Do any members have any information about two former ships named TRIADIC and TRIENZA ? Both ships used to operate a service between Australia and the Pacific Ocean island of Nauru during the 1940's and 1950's. They used to carry cargo and some passengers between Australia and Nauru, and they would bring mined superphosphate back to Australia from Nauru.
Thanks for any information anyone may have of these two ships.


----------



## R58484956 (Apr 19, 2004)

SS Triadic (Ex Levuka 1948) 7461 tons Built 10/1945 by West Coast Ship builders, Vancouver, BC. 426.8 x 57.2 x 34.9. 3 cylinder up & downer built by Canadian Allis Chalmers. 2 WT boilers. DF, ESD,GyC, radar, 2 decks, cruiser stern, O/No;181713.
Owned by British Phosphate Commisionaires. A H Gaze MBE as managers.
Registered London British flag.

MV Trienza 6180tons Built 1938 by Lithgows Ltd of Glasgow. 442.3 x 60.0 x 25.0. 8 cylinder 4 S CSA diesel
built by J G Kincaid Greenock. 2 Double ended boilers 150 psi, 1 deck and a shelter deck. Cruiser stern. Cargo battens not fitted.
Sparring omitted on oiltight bulkhead No;2 hold. Code flags GJJZ. Registered London, British flag. O/No; 166363. Owned and managed as above.


----------



## shipmate17 (Jun 1, 2005)

Hi,
Think these are the two you want.TRIADIC. ID 1166448. Flag. GBR. Grt. 6378. SP12k. Built 1938 byLithgows.Port Glasgow. For British Phosphate Commissioners.London. scuttled 00.43S/167.20E. 1940.
TRIENZA. ID 5536833. Flag.GBR. Grt. 6378. SP12k. Built by Lithgows.Port Glasgow. 1938. renamed 1964 LEE AUN. scrapped Singapore.1967.
Cheers.


----------



## Oz. (Sep 6, 2005)

Dont forget the Triellis ! I remember the ships very well, but sorry, I have no info on them.


----------



## floydpat (Jul 20, 2013)

Hi, I travelled on Triadic, Triona, Triaster and Trienza but not Triellis.
I was a boarding schools tudent . My parents were living at Nauru and Ocean Island (now reverted to its own name - Banaba) from 1950 to 1970.

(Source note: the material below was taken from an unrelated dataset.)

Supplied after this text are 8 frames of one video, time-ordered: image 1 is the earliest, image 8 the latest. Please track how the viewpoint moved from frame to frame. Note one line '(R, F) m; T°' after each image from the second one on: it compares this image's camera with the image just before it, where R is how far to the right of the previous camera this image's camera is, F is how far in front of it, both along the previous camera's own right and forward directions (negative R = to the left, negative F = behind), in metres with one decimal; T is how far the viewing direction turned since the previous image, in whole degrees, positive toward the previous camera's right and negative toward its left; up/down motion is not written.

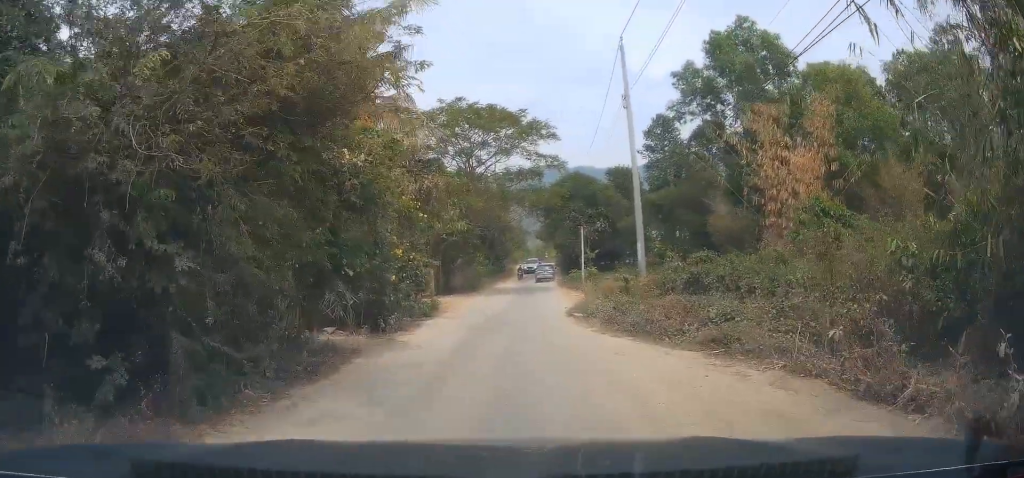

The original Triadic, Triona and Triaster were sunk by a German raider in WW2 - see http://en.wikipedia.org/wiki/German_attacks_on_Nauru
The replacement Triadic and Triona were in use by 1950, the replacement Triaster was commissioned in 1956 (I think) and then a new ship, Triellis, followed some years later


----------



## trotterdotpom (Apr 29, 2005)

Welcome to SN, Flydpat. There are a few folk on the site who sailed with Nauru Pacific and British Phosphate Commissioners. Lots of posts about Nauru that you might be interested in.

John T


----------



## Bwanajan (9 mo ago)

My father was purser on the Triadic in the 1960s. I travelled to Christmas Island on this vessel in 1959. I believe she was sent to Hong Kong for scrapping, but when I do not know.


----------